Here is the translated transcript of this conversation.

From Firefox Extensions to Google Calendar: "Wilderness Survival"

Ryan Peterman (Podcast host, former Instagram software engineer, hereinafter "Ryan"): Welcome to the show. Today we are honored to have Michael Bolin. He is the technical lead for OpenAI's open-source project Codex and was formerly a Distinguished Engineer (E9) at Meta. Michael, let's start with your early career.

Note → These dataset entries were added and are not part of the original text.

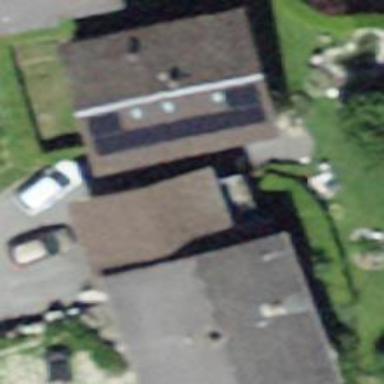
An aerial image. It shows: Simple and straightforward house.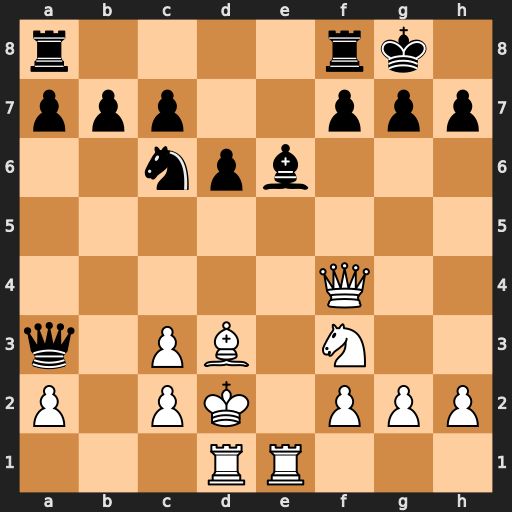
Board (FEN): r4rk1/ppp2ppp/2npb3/8/5Q2/q1PB1N2/P1PK1PPP/3RR3
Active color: w
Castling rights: -
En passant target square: -
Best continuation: Ng5 h6 Qe4 g6 Nxe6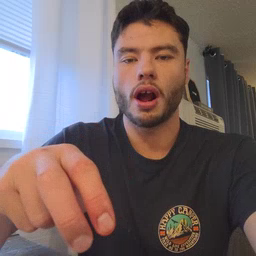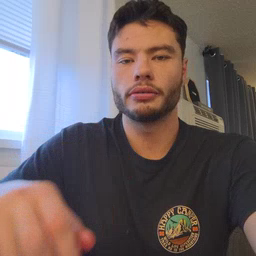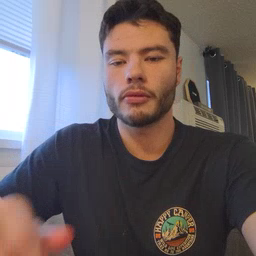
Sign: ride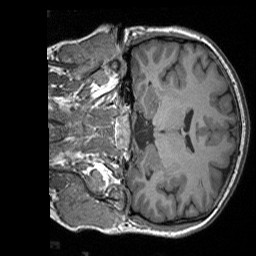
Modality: T1w
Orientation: coronal
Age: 36
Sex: female
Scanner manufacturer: siemens
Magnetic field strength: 3 T
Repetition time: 1.9 s
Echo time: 0.00252 s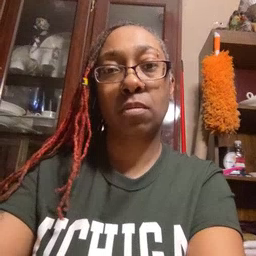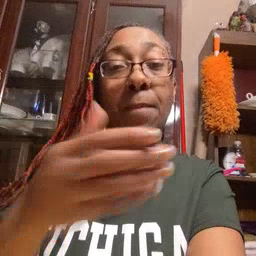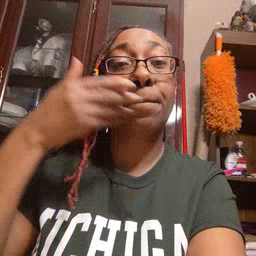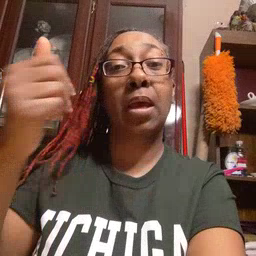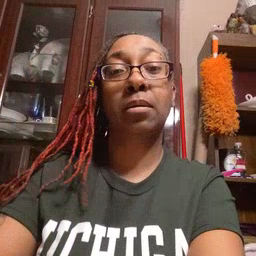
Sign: better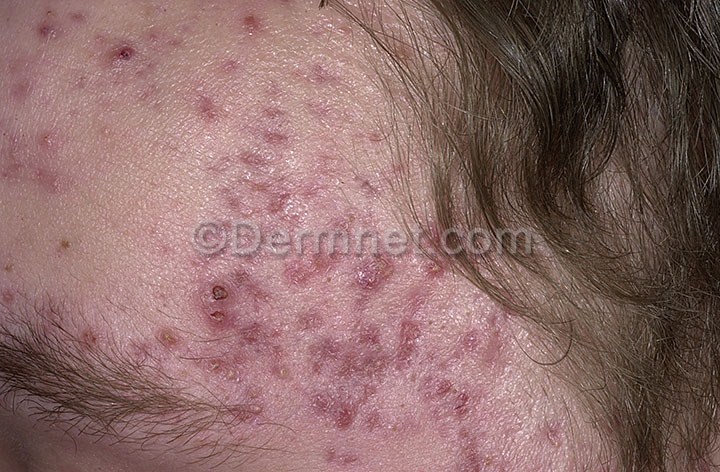
Disease: Acne and Rosacea Photos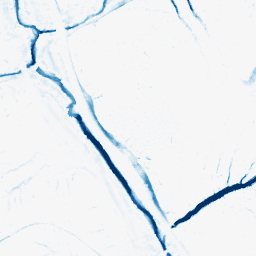
Category: morphological
Decomposition family: morphological
Decomposition parameters: operation: closing
size: 5
Upsampling method: quartic
Upsampling parameters: scale: 4
Upsampling scale: 4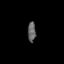
Tissue: skin
Cell type: Epithelial cells
Senescence score: 0.2062
Nuclear area (px): 156
Mean DAPI intensity: 97.244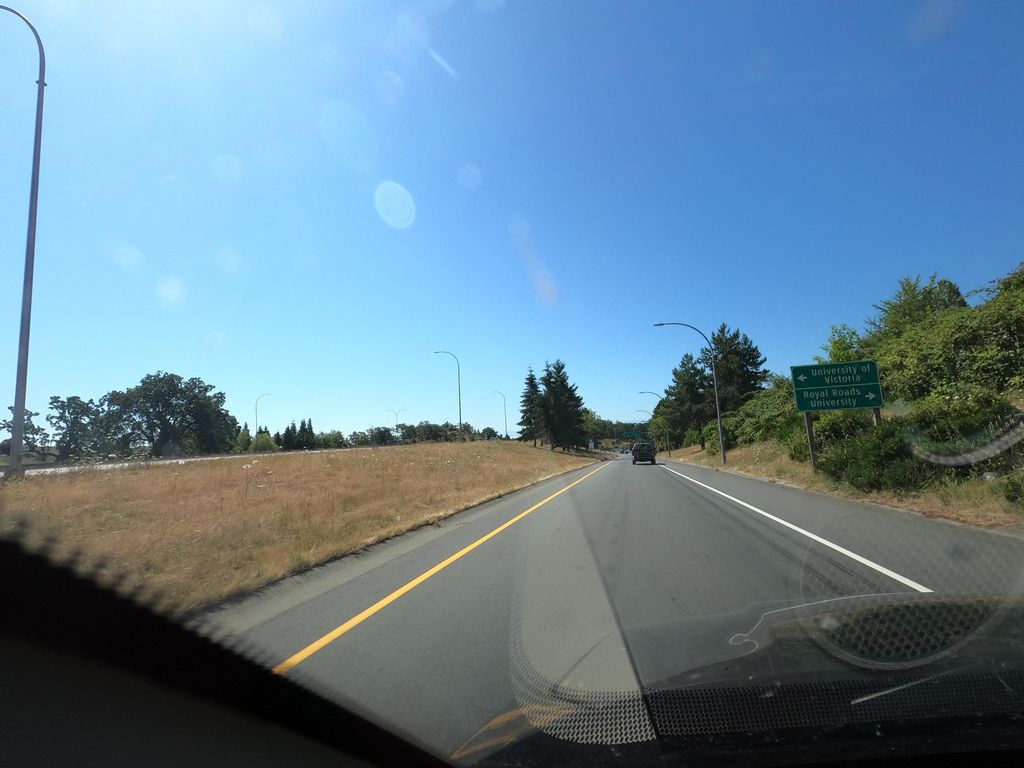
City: victoria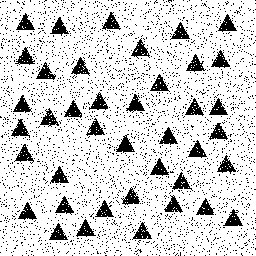
Squares: 0
Triangles: 40
Stars: 0
Total shapes: 40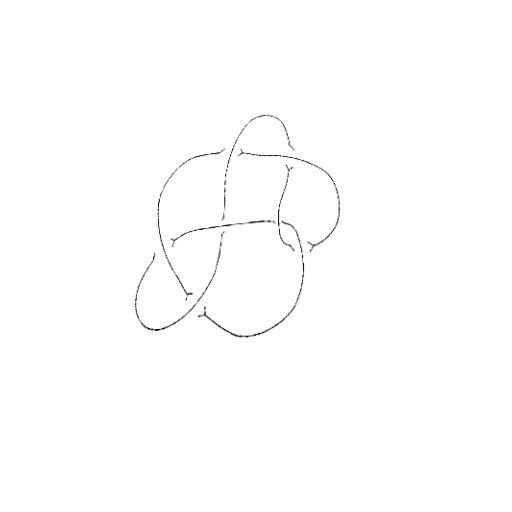
Crossing number: 7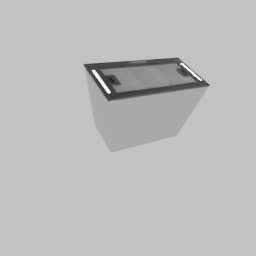
Label: appliances

I dug deep into your personal website and found a project you were once excited about but now has broken links everywhere—"Chickenfoot." What on earth was that?

Michael Bolin (hereinafter "Bolin"): Oh my, that does take me back. It was actually my master's thesis project, a Firefox browser extension. You have to understand, writing JavaScript for Firefox back then was absolutely avant-garde for a graduation project.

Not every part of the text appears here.